Behavior of $f(n)=\sum_{i,jDoes the following sum over positive integers have a name/asymptotic closed form?
$$f(n)=\sum_{i,j<n} \left(\frac{1}{i}-\frac{1}{j}\right)^2$$
In particular I'm wondering if it eventually grows linearly or sublinearly

 A: $$\sum_{i,j<n}\frac1{i^2}-2\sum_{i<n}\frac1{i}\sum_{j<n}\frac1{j}+\sum_{i,j<n}\frac1{j^2}\approx n\left(\dfrac{\pi^2}3-\psi^{(1)}(n+1)\right)-2(\log n+\gamma)^2.$$
The derivative of the digamma function has an $O(n^{-1})$ behavior.
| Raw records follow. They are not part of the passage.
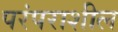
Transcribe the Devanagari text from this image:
परंपराशील
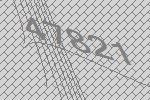
47821
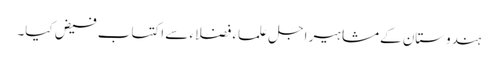
ہندوستان کےمشاہیر اجل علماء فضلاء سے اکتساب فیض کیا۔
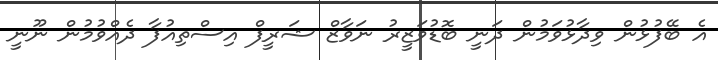
އެ ބޭފުޅުން ވިދާޅުވަމުން ދަނީ ބޮޑުވަޒީރު ނަވާޒް ޝަރީފް އިސްތިއުފާ ދެއްވުމުން ނޫނީ
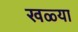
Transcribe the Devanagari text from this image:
खळ्या
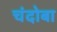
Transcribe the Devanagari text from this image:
चंदोबा
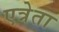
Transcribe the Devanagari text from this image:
एत्रेता
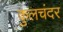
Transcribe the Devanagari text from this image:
कुलचंदर
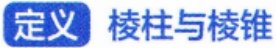
定义 棱柱与棱锥
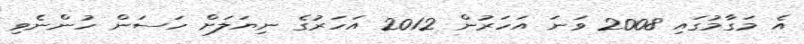
އެ މަގާމުގައި 2008 ވަނަ އަހަރުން 2012 އަހަރުގެ ނިޔަލަށް ހަސަން ހުންނެވި
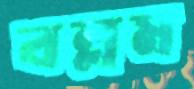
বল্লম
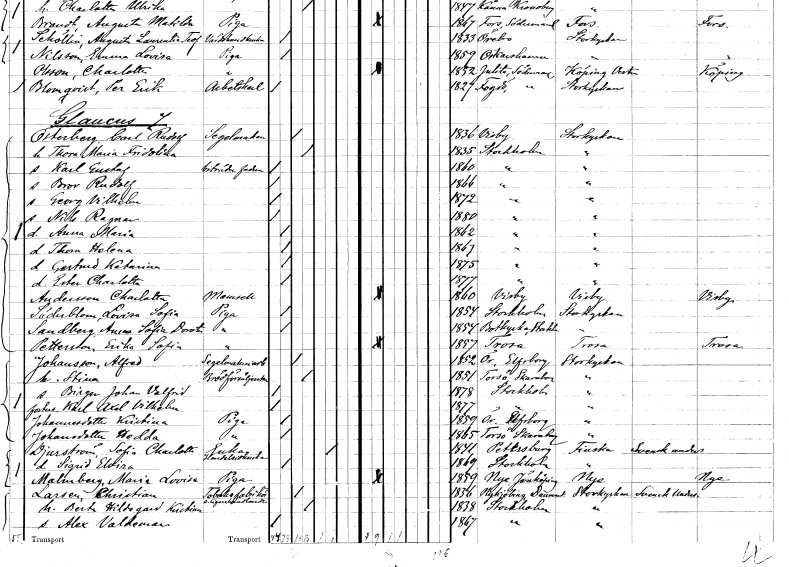
gt_parse: households: individuals: FN: Carl Rudolf
EN: Österberg
YRKE: Segelmakare
KON: M
CIV: G
FODAR: 1836
FODFORS: Visby Gotlands län
FN: Thora Maria Fridolina
KON: K
CIV: G
FODAR: 1835
FODFORS: Stockholm
FN: Karl Gustaf
YRKE: Biträde till fadern
KON: M
CIV: O
FODAR: 1860
FODFORS: Stockholm
FN: Bror Rudolf
KON: M
CIV: O
FODAR: 1866
FODFORS: Stockholm
FN: Georg Vilhelm
KON: M
CIV: O
FODAR: 1872
FODFORS: Stockholm
FN: Nils Ragnar
KON: M
CIV: O
FODAR: 1880
FODFORS: Stockholm
FN: Anna Maria
KON: K
CIV: O
FODAR: 1862
FODFORS: Stockholm
FN: Thora Helena
KON: K
CIV: O
FODAR: 1867
FODFORS: Stockholm
FN: Gertrud Katarina
KON: K
CIV: O
FODAR: 1875
FODFORS: Stockholm
FN: Ester Charlotta
KON: K
CIV: O
FODAR: 1877
FODFORS: Stockholm
FN: Charlotta
EN: Andersson
KON: K
CIV: O
FODAR: 1860
FODFORS: Visby Gotlands län
FN: Lovisa Sofia
EN: Söderblom
YRKE: Piga
KON: K
CIV: O
FODAR: 1854
FODFORS: Stockholm
FN: Anna Sofia Dorotea
EN: Sandberg
YRKE: Piga
KON: K
CIV: O
FODAR: 1854
FODFORS: Botkyrka Stockholms län
FN: Erika Sofia
EN: Pettersson
YRKE: Piga
KON: K
CIV: O
FODAR: 1857
FODFORS: Trosa Södermanlands län
FN: Alfred
EN: Johansson
YRKE: Segelmakeriarbetare
KON: M
CIV: G
FODAR: 1852
FODFORS: Ör Älvsborgs län
FN: Stina
YRKE: Brödförsäljerska
KON: K
CIV: G
FODAR: 1851
FODFORS: Torsö Skaraborgs län
FN: Birger Johan Valfrid
KON: M
CIV: O
FODAR: 1878
FODFORS: Stockholm
FN: Karl Axel Vilhelm
KON: M
CIV: O
FODAR: 1877
FODFORS: Stockholm
FN: Kristina
EN: Johannesdotter
YRKE: Piga
KON: K
CIV: O
FODAR: 1859
FODFORS: Ör Älvsborgs län
FN: Hedda
EN: Johansdotter
YRKE: Piga
KON: K
CIV: O
FODAR: 1865
FODFORS: Torsö Skaraborgs län
FN: Sofia Charlotta
EN: Djurström
YRKE: Änka Handelsidkerska
KON: K
CIV: E
FODAR: 1841
FN: Sigrid Elvira
KON: K
CIV: O
FODAR: 1869
FODFORS: Stockholm
FN: Maria Lovisa
EN: Malmberg
YRKE: Piga
KON: K
CIV: O
FODAR: 1859
FODFORS: Nye Jönköpings län
FN: Christian
EN: Larsen
YRKE: Tobaksfabrikör Cigarrhandlare
KON: M
CIV: G
FODAR: 1836
FN: Berta Hildegard Kristina
KON: K
CIV: G
FODAR: 1838
FODFORS: Stockholm
FN: Alex Valdemar
KON: M
CIV: O
FODAR: 1867
FODFORS: Stockholm
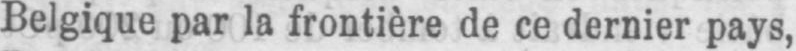
Belgique par la frontière de ce dernier pays,
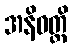
အနိဝတ္တိ
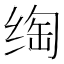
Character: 绹
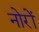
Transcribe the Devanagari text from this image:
नोरों
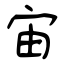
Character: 宙
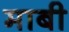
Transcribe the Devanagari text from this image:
माबी
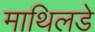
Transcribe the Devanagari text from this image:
माथिलडे
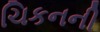
ચિકનની
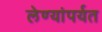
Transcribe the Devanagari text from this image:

A: It's a little easier to discuss the sum if we let $i$ and $j$ go all the way up $n$. We have
$$f(n+1)=\sum_{1\le i,j\le n}\left({1\over i}-{1\over j}\right)^2=2n\sum_{k=1}^n{1\over k}^2-2\left(\sum_{k=1}^n{1\over k} \right)^2=2n\left({\pi^2\over6}-\sum_{k=n+1}^\infty{1\over k^2}\right)-2H_n^2$$
where
$$H_n=\sum_{k=1}^n{1\over k}=\ln n+\gamma+{1\over2n}+O\left(1\over n^2\right)$$
is a familiar estimate for partial sums of the harmonic series and
$$
\begin{align}\sum_{k=n+1}^\infty{1\over k^2}
&=\sum_{k=n+1}^\infty{1\over k(k-1)}-\sum_{k=n+1}^\infty{1\over k}\left({1\over k-1}-{1\over k} \right)\\
&=\sum_{k=n+1}^\infty\left({1\over k-1}-{1\over k} \right)-\sum_{k=n+1}^\infty{1\over k^2(k-1)}\\
&={1\over n}-O\left(1\over n^2\right)
\end{align}$$
It follows that
$$f(n+1)={\pi^2\over3}n-2-2\left(\ln n+\gamma+{1\over n} \right)^2+O\left(1\over n \right)$$
which might be easiest to think of as
$${\pi^2\over3}n-2(\ln n+\gamma)^2-2+o(1)$$
If you like, since $\ln n =\ln(n-1)+O(1/n)$, this converts to
$$f(n)={\pi^2\over3}n-2(\ln n+\gamma)^2-2-{\pi^2\over3}+o(1)$$
A: Use $$f(n)=\sum_i\sum_j (A_i-A_j)^2=2n\sum_k A_k^2-2(\sum_k A_k)^2=2n\sum_k \frac{1}{k^2}-2\left(\sum_k\frac{1}{k}\right)^2$$ $$\implies f(n)\sim \frac{n \pi^2}{3}-2(\ln n+\gamma)^2$$